The consolidated NCI presented above is with respect to the Company’s consolidated majority-owned subsidiaries as a component of consolidated total stockholders’ equity as of December 31, 2022 and December 31, 2021; and the recognition of a net loss attributable to the NCI in the consolidated statement of operations for the periods beginning on the acquisition date of the respective majority-owned subsidiaries.

 

Lucid Diagnostics Inc.

 

As of December 31, 2022, there were 40,518,792 shares of common stock of Lucid Diagnostics Inc. issued and outstanding, of which, PAVmed Inc. holds 31,302,420 shares, representing a majority ownership equity interest and PAVmed Inc. has a controlling financial interest in Lucid Diagnostics Inc., and accordingly, Lucid Diagnostics Inc. is a consolidated majority-owned subsidiary of PAVmed Inc.

 

On March 28, 2022, Lucid Diagnostics, Inc. entered into a committed equity facility with an affiliate of Cantor Fitzgerald (“Cantor”).

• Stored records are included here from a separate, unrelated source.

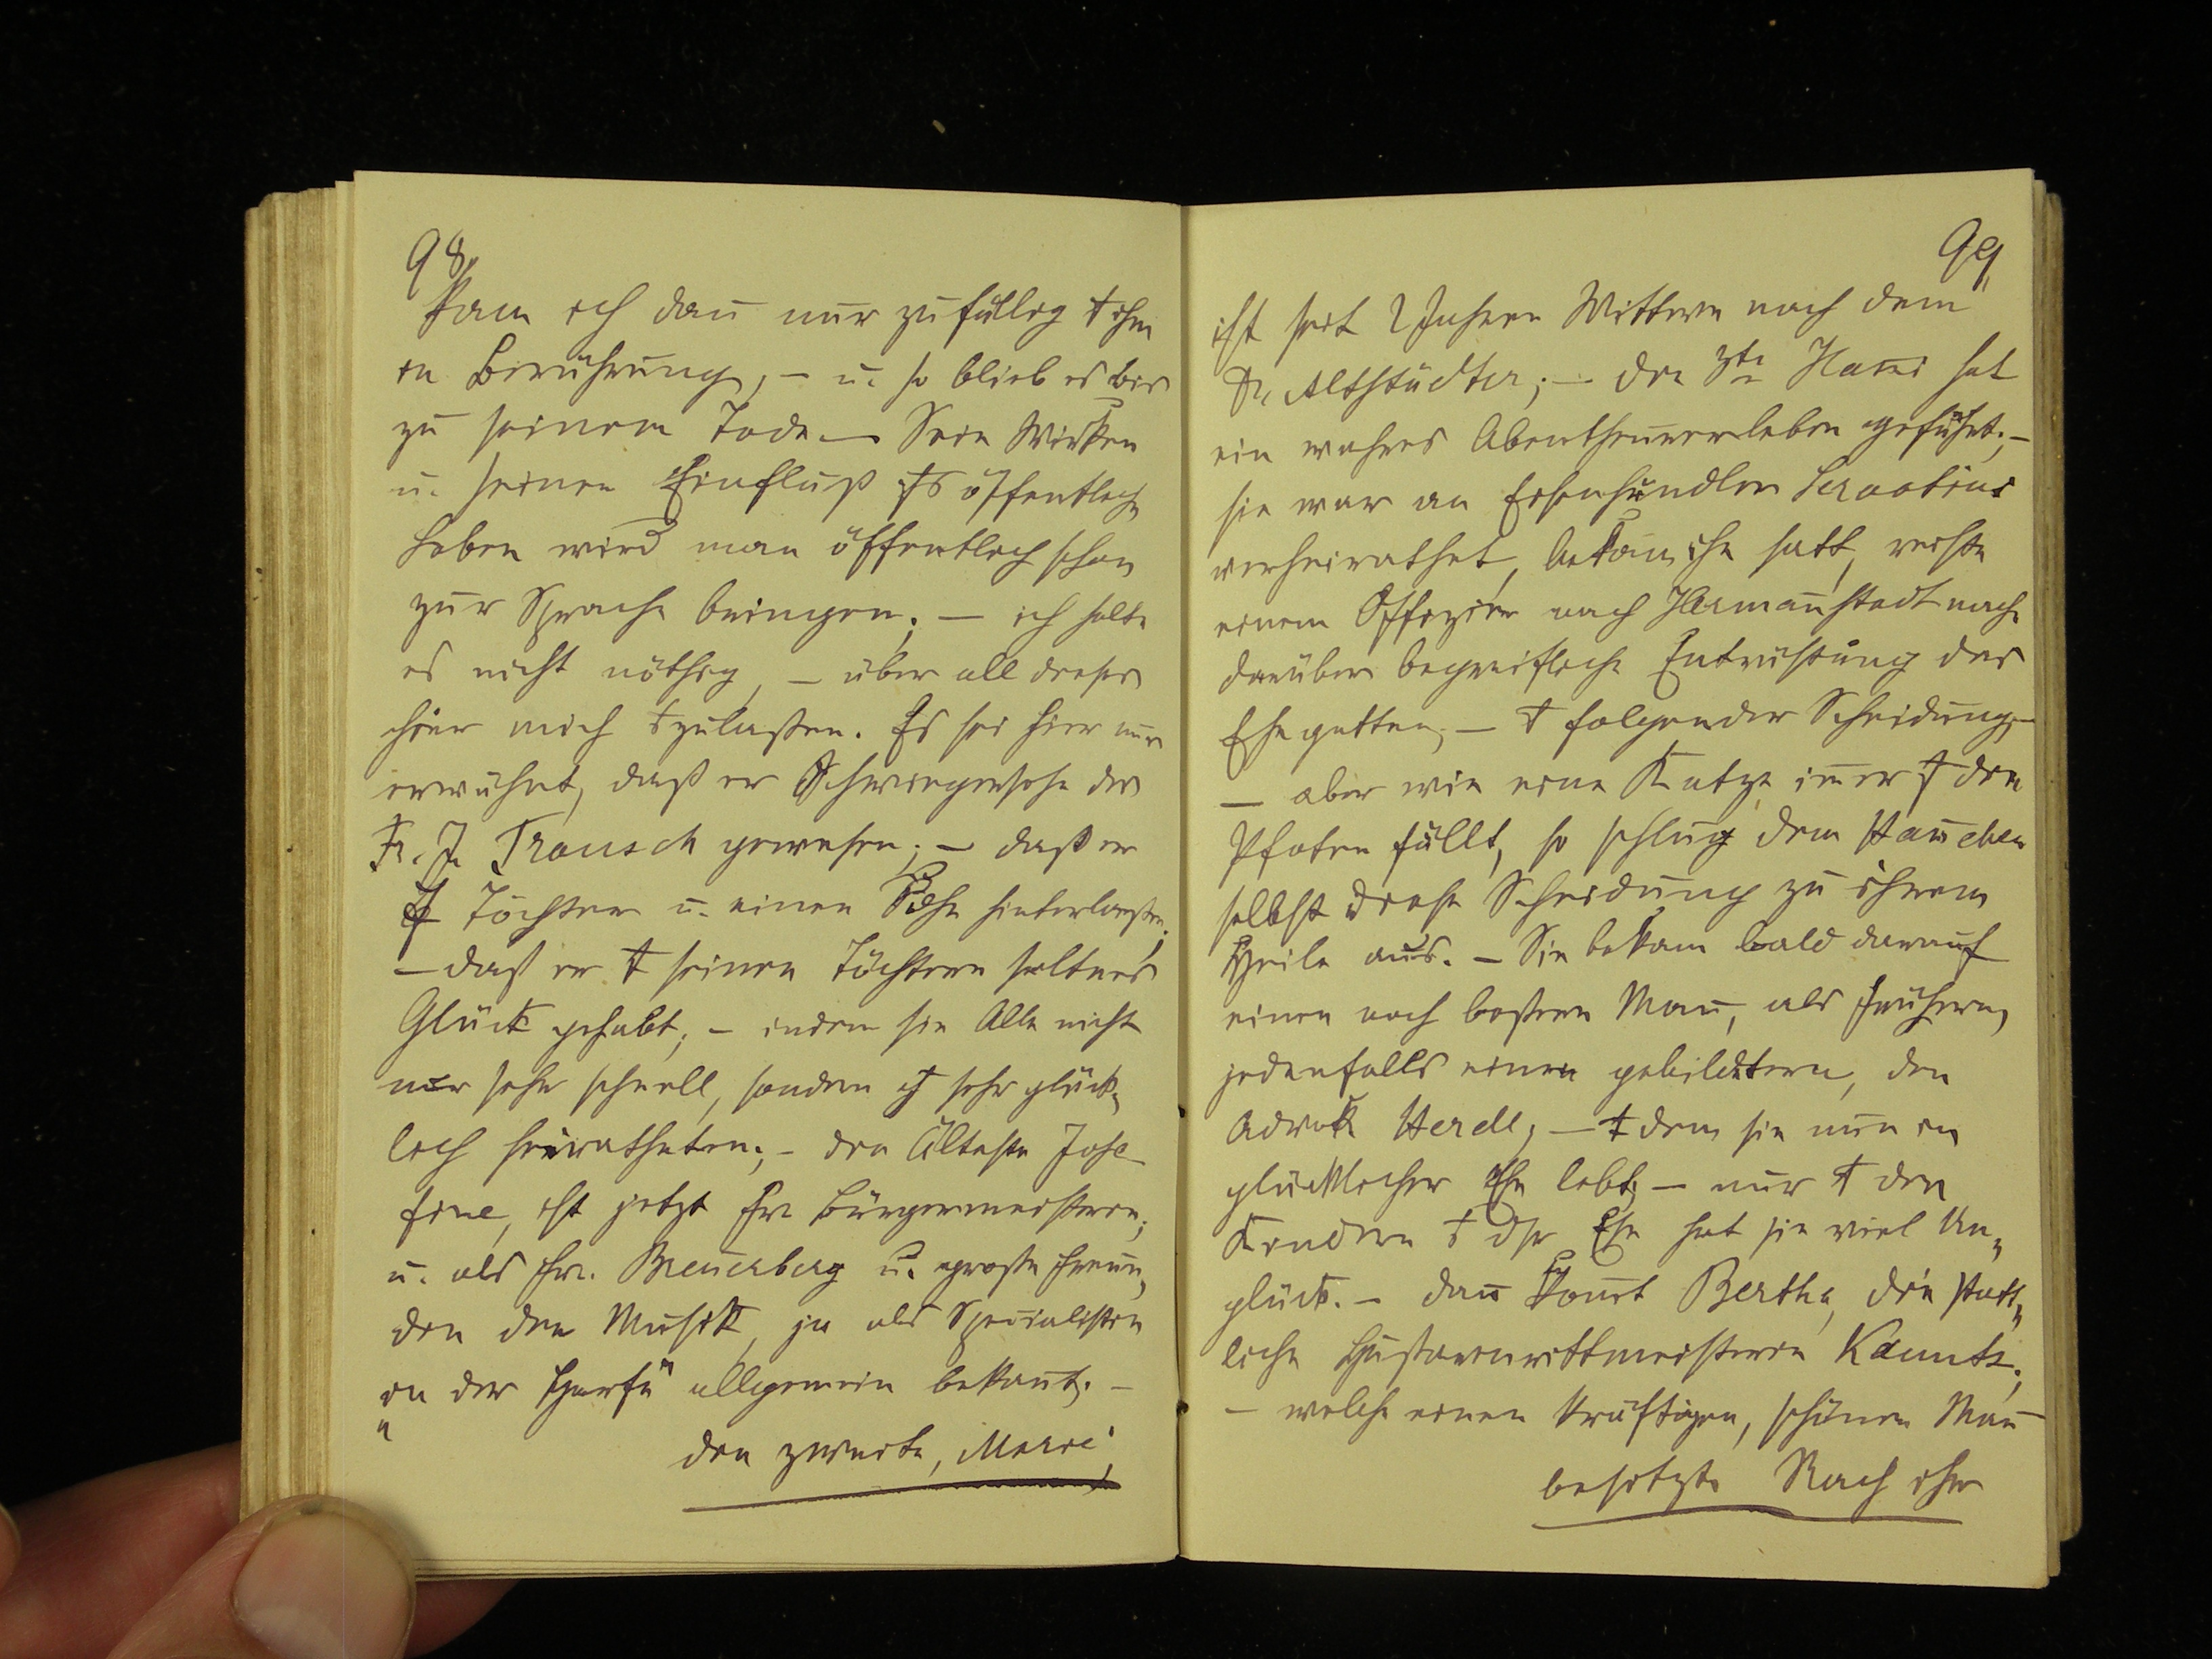98
kam ich dann nur zufällig mit ihm
in Berührung,-und so blieb es bis
zu seinem Tode.-Sein Wirken
und seinen Einfluss aufs öffentliche
Leben wird man öffentlich schon
zur Sprache bringen.-Ich halte
es nicht nöthig,- über all dieses
hier mich auszulassen Es sei hier nur
erwähnt, daß er Schwiegersohn des
Fr. J. Trausch gewesen;- daß er
7 Töchter und einen Sohn hinterlassen;
- Daß er mit seinen Töchtern seltenes
Glück gehabt;- indem sie alle nicht
nur sehr schnell, sondern auch sehr glück¬
lich heiratheten;- Die älteste Jose¬
fine, ist jetzt Fr. Bürgermeisterin
als Fr. Brennerberg und große Herrin
von der Musik, ja als Spezialistin
an der „Harfe“ allgemein bekannt.-
die zweite Marie
99
ist seit 2 Jahren Wittwe nach dem
Dr. Altstädter;- Die 3-te Hanni hat
ein wahres Abentheuerleben geführt,-
sie war an Eisenhändler Servatius
verheiratet, bekam ihn satt, reiste
einem Offizier nach Hermanstadt nach
darüber begreifliche Entrüstung des
Ehegatten;- mit folgender Scheidung,
-aber wie eine Katze immer auf die
Pfoten fällt , so schlug dem Hännchen
selbst diese Scheidung zu ihrem
Heile aus.- Sie bekam bald darauf
einen noch besseren Mann als früher,
jedenfalls einen gebildeteren, den
Adrock Herell ,-mit dem sie nun in
glücklicher Ehe lebt,- nur mit den
Kindern aus dieser Ehe hat sie viel Un¬
glück.- Dann kommt Bertha die statt¬
liche Hauptamtrittmeisterin Kauntz;
- welche einen kräftigen, schönen Mann¬
besitzte. Nach ihr

Under the terms of the committed equity facility, Cantor has committed to purchase up to $50 million of Lucid Diagnostics Inc. common stock from time to time at the request of Lucid Diagnostics Inc. While there are distinct differences, the facility is structured similarly to a traditional at-the-market equity facility, insofar as it allows the Company to raise primary equity capital on a periodic basis at prices based on the existing market price. As of December 31, 2022, under the committed equity facility, a total of 680,263 shares of common stock of Lucid Diagnostics Inc. were issued for proceeds of approximately $1,807.

 

In November 2022, Lucid Diagnostics also entered into an “at-the-market offering” for up to $6.5 million of its common stock that may be offered and sold under a Controlled Equity Offering Agreement between Lucid Diagnostics and Cantor Fitzgerald & Co. In the year ended December 31, 2022, there were no Lucid Diagnostics shares sold through their at-the-market equity facility. Subsequent to December 31, 2022, through March 9, 2023, Lucid Diagnostics sold 230,068 shares through its at-the-market equity facility for approximately $0.3 million.

 

Veris Health Inc.

 

As of December 31, 2022, there were 8,000,000 shares of common stock of Veris Health Inc. issued and outstanding, of which PAVmed Inc. holds an 80.44% majority-interest ownership and PAVmed Inc. has a controlling financial interest, with the remaining 19.56% minority-interest ownership held by an unrelated third-party. Accordingly, Veris Health Inc. is a consolidated majority-owned subsidiary of the Company, for which a provision of a noncontrolling interest (NCI) is included as a separate component of consolidated stockholders’ equity in the consolidated balance sheet as of December 31, 2022 along with the recognition of a net loss attributable to the NCI in the consolidated statement of operations for the period of May 28, 2021 to December 31, 2021, upon its formation and contemporaneous acquisition of Oncodisc Inc.